◆ ASSIGNMENT ◆
Taking the line with "Question: What text is written in this image?" as the first and the line with "Answer: މިހާރަކަށް އައިސް" as the last, set down the lines below exactly, pictures excluded.

◆ AVAILABLE RECORDS ◆
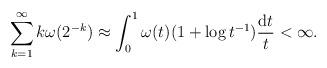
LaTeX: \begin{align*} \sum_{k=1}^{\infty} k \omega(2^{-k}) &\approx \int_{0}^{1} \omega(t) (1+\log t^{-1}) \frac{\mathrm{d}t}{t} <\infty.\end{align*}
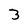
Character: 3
...
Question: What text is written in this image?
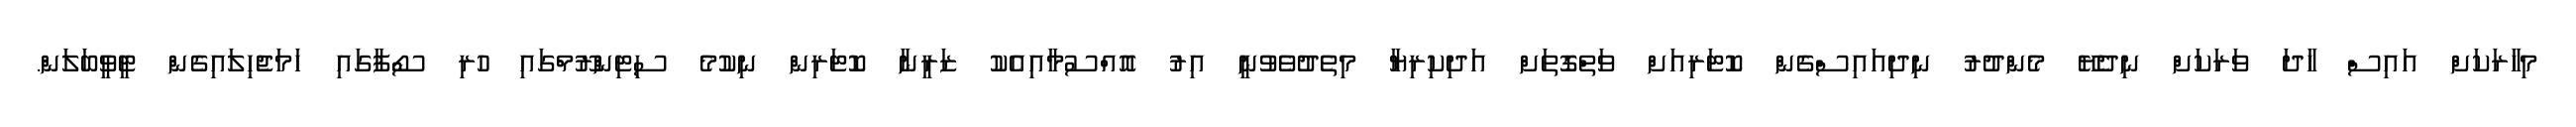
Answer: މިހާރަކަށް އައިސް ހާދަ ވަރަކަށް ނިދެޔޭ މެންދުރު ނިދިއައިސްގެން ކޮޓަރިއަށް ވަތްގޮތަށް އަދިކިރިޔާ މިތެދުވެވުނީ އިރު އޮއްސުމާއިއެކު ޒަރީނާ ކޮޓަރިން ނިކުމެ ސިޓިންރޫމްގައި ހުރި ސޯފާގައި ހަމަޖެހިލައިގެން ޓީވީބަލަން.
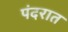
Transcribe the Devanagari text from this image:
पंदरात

◆ FINAL ANSWER ◆
Question: What text is written in this image?
Answer: މިހާރަކަށް އައިސް ހާދަ ވަރަކަށް ނިދެޔޭ މެންދުރު ނިދިއައިސްގެން ކޮޓަރިއަށް ވަތްގޮތަށް އަދިކިރިޔާ މިތެދުވެވުނީ އިރު އޮއްސުމާއިއެކު ޒަރީނާ ކޮޓަރިން ނިކުމެ ސިޓިންރޫމްގައި ހުރި ސޯފާގައި ހަމަޖެހިލައިގެން ޓީވީބަލަން.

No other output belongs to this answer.